What is expected ::
Could the whole of the data below be written out verbatim?

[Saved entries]
# # # # # # #

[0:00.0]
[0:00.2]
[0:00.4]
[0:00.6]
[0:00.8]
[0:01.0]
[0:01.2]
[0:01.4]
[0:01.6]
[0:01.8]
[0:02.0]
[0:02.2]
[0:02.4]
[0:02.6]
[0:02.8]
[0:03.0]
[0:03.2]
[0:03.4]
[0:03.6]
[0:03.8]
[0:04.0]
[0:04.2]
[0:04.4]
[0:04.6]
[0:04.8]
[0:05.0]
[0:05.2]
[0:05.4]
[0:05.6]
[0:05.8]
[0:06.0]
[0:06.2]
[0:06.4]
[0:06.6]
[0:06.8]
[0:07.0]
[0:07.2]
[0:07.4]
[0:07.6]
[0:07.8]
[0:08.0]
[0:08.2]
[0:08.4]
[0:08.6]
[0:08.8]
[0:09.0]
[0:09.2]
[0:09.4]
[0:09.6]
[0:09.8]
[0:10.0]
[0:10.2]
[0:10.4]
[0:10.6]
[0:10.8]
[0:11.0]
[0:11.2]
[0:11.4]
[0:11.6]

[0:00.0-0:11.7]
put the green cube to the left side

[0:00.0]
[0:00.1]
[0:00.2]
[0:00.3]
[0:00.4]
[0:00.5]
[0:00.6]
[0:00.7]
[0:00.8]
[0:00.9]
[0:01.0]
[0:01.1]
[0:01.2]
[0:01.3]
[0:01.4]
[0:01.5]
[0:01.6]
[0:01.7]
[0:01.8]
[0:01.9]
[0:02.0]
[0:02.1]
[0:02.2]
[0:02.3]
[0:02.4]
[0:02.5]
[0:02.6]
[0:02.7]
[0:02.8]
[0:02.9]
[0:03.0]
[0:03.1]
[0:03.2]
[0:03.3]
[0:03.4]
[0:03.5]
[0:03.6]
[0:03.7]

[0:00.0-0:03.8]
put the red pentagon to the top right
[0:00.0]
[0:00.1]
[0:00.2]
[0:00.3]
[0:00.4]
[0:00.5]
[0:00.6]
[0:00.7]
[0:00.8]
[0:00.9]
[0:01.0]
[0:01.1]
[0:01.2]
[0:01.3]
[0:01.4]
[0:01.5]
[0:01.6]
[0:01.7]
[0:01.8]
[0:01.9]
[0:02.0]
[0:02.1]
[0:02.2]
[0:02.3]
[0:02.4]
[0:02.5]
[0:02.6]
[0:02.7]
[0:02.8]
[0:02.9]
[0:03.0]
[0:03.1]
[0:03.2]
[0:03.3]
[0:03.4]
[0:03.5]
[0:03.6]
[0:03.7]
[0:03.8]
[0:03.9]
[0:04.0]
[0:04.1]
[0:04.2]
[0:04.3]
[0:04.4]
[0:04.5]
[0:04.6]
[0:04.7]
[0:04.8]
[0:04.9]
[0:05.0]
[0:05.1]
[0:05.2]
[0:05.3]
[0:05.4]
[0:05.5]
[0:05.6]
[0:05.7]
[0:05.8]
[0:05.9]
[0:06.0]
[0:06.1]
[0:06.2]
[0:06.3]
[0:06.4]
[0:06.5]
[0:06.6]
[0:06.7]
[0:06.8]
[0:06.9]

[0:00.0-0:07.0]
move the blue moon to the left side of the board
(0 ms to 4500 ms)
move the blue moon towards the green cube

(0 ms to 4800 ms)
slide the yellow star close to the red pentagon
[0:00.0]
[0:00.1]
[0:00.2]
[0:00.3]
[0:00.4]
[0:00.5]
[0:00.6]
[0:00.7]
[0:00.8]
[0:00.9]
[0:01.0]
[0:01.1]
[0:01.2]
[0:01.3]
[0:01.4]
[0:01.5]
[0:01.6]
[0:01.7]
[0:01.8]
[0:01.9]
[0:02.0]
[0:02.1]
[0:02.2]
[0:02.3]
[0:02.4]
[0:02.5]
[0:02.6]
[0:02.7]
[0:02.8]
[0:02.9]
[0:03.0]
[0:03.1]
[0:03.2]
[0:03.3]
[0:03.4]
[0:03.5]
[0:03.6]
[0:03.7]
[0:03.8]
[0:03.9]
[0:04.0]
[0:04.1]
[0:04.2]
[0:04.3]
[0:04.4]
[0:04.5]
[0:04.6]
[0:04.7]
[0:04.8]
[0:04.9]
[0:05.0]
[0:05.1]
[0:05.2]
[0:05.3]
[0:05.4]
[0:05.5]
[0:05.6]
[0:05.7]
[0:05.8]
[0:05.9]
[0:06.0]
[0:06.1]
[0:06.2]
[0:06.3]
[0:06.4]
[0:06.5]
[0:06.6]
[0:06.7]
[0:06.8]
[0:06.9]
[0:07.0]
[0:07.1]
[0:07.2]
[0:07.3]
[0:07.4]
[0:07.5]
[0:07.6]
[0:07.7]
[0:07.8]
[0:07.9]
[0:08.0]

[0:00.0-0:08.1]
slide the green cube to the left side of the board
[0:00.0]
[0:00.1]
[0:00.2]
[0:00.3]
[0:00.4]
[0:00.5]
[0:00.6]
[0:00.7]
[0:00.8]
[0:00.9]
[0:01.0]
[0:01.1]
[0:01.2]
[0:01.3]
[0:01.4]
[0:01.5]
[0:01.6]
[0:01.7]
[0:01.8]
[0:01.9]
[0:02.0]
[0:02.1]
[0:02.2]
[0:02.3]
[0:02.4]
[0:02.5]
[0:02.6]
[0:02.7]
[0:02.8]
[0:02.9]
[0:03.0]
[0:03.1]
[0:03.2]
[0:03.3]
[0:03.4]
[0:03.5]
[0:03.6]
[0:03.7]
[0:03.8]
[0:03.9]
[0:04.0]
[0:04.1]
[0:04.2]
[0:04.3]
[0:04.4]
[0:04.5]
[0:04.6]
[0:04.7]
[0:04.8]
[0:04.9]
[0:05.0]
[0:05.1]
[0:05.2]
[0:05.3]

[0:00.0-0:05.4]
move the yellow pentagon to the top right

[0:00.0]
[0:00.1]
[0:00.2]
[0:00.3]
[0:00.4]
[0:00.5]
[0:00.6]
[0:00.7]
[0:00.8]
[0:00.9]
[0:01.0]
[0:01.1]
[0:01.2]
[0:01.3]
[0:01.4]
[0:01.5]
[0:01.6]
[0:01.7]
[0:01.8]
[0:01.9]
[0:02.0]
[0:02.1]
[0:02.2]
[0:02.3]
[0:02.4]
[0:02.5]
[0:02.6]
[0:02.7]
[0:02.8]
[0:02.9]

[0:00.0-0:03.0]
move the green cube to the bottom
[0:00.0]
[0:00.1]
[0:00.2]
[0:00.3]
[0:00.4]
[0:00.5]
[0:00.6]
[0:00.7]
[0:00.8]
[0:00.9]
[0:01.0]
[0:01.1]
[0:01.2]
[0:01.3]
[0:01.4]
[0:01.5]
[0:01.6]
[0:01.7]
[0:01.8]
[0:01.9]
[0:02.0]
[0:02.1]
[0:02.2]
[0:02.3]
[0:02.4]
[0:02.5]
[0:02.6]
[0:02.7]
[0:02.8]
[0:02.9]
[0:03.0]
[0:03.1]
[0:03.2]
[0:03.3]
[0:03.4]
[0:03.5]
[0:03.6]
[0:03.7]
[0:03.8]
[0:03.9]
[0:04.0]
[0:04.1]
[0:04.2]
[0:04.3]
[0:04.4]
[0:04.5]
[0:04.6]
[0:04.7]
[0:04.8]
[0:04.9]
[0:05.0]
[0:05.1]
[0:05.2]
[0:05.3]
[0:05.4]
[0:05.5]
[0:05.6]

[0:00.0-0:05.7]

# # # # # # #

Solution to this problem ::
[0:00.0]
[0:00.2]
[0:00.4]
[0:00.6]
[0:00.8]
[0:01.0]
[0:01.2]
[0:01.4]
[0:01.6]
[0:01.8]
[0:02.0]
[0:02.2]
[0:02.4]
[0:02.6]
[0:02.8]
[0:03.0]
[0:03.2]
[0:03.4]
[0:03.6]
[0:03.8]
[0:04.0]
[0:04.2]
[0:04.4]
[0:04.6]
[0:04.8]
[0:05.0]
[0:05.2]
[0:05.4]
[0:05.6]
[0:05.8]
[0:06.0]
[0:06.2]
[0:06.4]
[0:06.6]
[0:06.8]
[0:07.0]
[0:07.2]
[0:07.4]
[0:07.6]
[0:07.8]
[0:08.0]
[0:08.2]
[0:08.4]
[0:08.6]
[0:08.8]
[0:09.0]
[0:09.2]
[0:09.4]
[0:09.6]
[0:09.8]
[0:10.0]
[0:10.2]
[0:10.4]
[0:10.6]
[0:10.8]
[0:11.0]
[0:11.2]
[0:11.4]
[0:11.6]

[0:00.0-0:11.7]
put the green cube to the left side

[0:00.0]
[0:00.1]
[0:00.2]
[0:00.3]
[0:00.4]
[0:00.5]
[0:00.6]
[0:00.7]
[0:00.8]
[0:00.9]
[0:01.0]
[0:01.1]
[0:01.2]
[0:01.3]
[0:01.4]
[0:01.5]
[0:01.6]
[0:01.7]
[0:01.8]
[0:01.9]
[0:02.0]
[0:02.1]
[0:02.2]
[0:02.3]
[0:02.4]
[0:02.5]
[0:02.6]
[0:02.7]
[0:02.8]
[0:02.9]
[0:03.0]
[0:03.1]
[0:03.2]
[0:03.3]
[0:03.4]
[0:03.5]
[0:03.6]
[0:03.7]

[0:00.0-0:03.8]
put the red pentagon to the top right
[0:00.0]
[0:00.1]
[0:00.2]
[0:00.3]
[0:00.4]
[0:00.5]
[0:00.6]
[0:00.7]
[0:00.8]
[0:00.9]
[0:01.0]
[0:01.1]
[0:01.2]
[0:01.3]
[0:01.4]
[0:01.5]
[0:01.6]
[0:01.7]
[0:01.8]
[0:01.9]
[0:02.0]
[0:02.1]
[0:02.2]
[0:02.3]
[0:02.4]
[0:02.5]
[0:02.6]
[0:02.7]
[0:02.8]
[0:02.9]
[0:03.0]
[0:03.1]
[0:03.2]
[0:03.3]
[0:03.4]
[0:03.5]
[0:03.6]
[0:03.7]
[0:03.8]
[0:03.9]
[0:04.0]
[0:04.1]
[0:04.2]
[0:04.3]
[0:04.4]
[0:04.5]
[0:04.6]
[0:04.7]
[0:04.8]
[0:04.9]
[0:05.0]
[0:05.1]
[0:05.2]
[0:05.3]
[0:05.4]
[0:05.5]
[0:05.6]
[0:05.7]
[0:05.8]
[0:05.9]
[0:06.0]
[0:06.1]
[0:06.2]
[0:06.3]
[0:06.4]
[0:06.5]
[0:06.6]
[0:06.7]
[0:06.8]
[0:06.9]

[0:00.0-0:07.0]
move the blue moon to the left side of the board
(0 ms to 4500 ms)
move the blue moon towards the green cube

(0 ms to 4800 ms)
slide the yellow star close to the red pentagon
[0:00.0]
[0:00.1]
[0:00.2]
[0:00.3]
[0:00.4]
[0:00.5]
[0:00.6]
[0:00.7]
[0:00.8]
[0:00.9]
[0:01.0]
[0:01.1]
[0:01.2]
[0:01.3]
[0:01.4]
[0:01.5]
[0:01.6]
[0:01.7]
[0:01.8]
[0:01.9]
[0:02.0]
[0:02.1]
[0:02.2]
[0:02.3]
[0:02.4]
[0:02.5]
[0:02.6]
[0:02.7]
[0:02.8]
[0:02.9]
[0:03.0]
[0:03.1]
[0:03.2]
[0:03.3]
[0:03.4]
[0:03.5]
[0:03.6]
[0:03.7]
[0:03.8]
[0:03.9]
[0:04.0]
[0:04.1]
[0:04.2]
[0:04.3]
[0:04.4]
[0:04.5]
[0:04.6]
[0:04.7]
[0:04.8]
[0:04.9]
[0:05.0]
[0:05.1]
[0:05.2]
[0:05.3]
[0:05.4]
[0:05.5]
[0:05.6]
[0:05.7]
[0:05.8]
[0:05.9]
[0:06.0]
[0:06.1]
[0:06.2]
[0:06.3]
[0:06.4]
[0:06.5]
[0:06.6]
[0:06.7]
[0:06.8]
[0:06.9]
[0:07.0]
[0:07.1]
[0:07.2]
[0:07.3]
[0:07.4]
[0:07.5]
[0:07.6]
[0:07.7]
[0:07.8]
[0:07.9]
[0:08.0]

[0:00.0-0:08.1]
slide the green cube to the left side of the board
[0:00.0]
[0:00.1]
[0:00.2]
[0:00.3]
[0:00.4]
[0:00.5]
[0:00.6]
[0:00.7]
[0:00.8]
[0:00.9]
[0:01.0]
[0:01.1]
[0:01.2]
[0:01.3]
[0:01.4]
[0:01.5]
[0:01.6]
[0:01.7]
[0:01.8]
[0:01.9]
[0:02.0]
[0:02.1]
[0:02.2]
[0:02.3]
[0:02.4]
[0:02.5]
[0:02.6]
[0:02.7]
[0:02.8]
[0:02.9]
[0:03.0]
[0:03.1]
[0:03.2]
[0:03.3]
[0:03.4]
[0:03.5]
[0:03.6]
[0:03.7]
[0:03.8]
[0:03.9]
[0:04.0]
[0:04.1]
[0:04.2]
[0:04.3]
[0:04.4]
[0:04.5]
[0:04.6]
[0:04.7]
[0:04.8]
[0:04.9]
[0:05.0]
[0:05.1]
[0:05.2]
[0:05.3]

[0:00.0-0:05.4]
move the yellow pentagon to the top right

[0:00.0]
[0:00.1]
[0:00.2]
[0:00.3]
[0:00.4]
[0:00.5]
[0:00.6]
[0:00.7]
[0:00.8]
[0:00.9]
[0:01.0]
[0:01.1]
[0:01.2]
[0:01.3]
[0:01.4]
[0:01.5]
[0:01.6]
[0:01.7]
[0:01.8]
[0:01.9]
[0:02.0]
[0:02.1]
[0:02.2]
[0:02.3]
[0:02.4]
[0:02.5]
[0:02.6]
[0:02.7]
[0:02.8]
[0:02.9]

[0:00.0-0:03.0]
move the green cube to the bottom
[0:00.0]
[0:00.1]
[0:00.2]
[0:00.3]
[0:00.4]
[0:00.5]
[0:00.6]
[0:00.7]
[0:00.8]
[0:00.9]
[0:01.0]
[0:01.1]
[0:01.2]
[0:01.3]
[0:01.4]
[0:01.5]
[0:01.6]
[0:01.7]
[0:01.8]
[0:01.9]
[0:02.0]
[0:02.1]
[0:02.2]
[0:02.3]
[0:02.4]
[0:02.5]
[0:02.6]
[0:02.7]
[0:02.8]
[0:02.9]
[0:03.0]
[0:03.1]
[0:03.2]
[0:03.3]
[0:03.4]
[0:03.5]
[0:03.6]
[0:03.7]
[0:03.8]
[0:03.9]
[0:04.0]
[0:04.1]
[0:04.2]
[0:04.3]
[0:04.4]
[0:04.5]
[0:04.6]
[0:04.7]
[0:04.8]
[0:04.9]
[0:05.0]
[0:05.1]
[0:05.2]
[0:05.3]
[0:05.4]
[0:05.5]
[0:05.6]

[0:00.0-0:05.7]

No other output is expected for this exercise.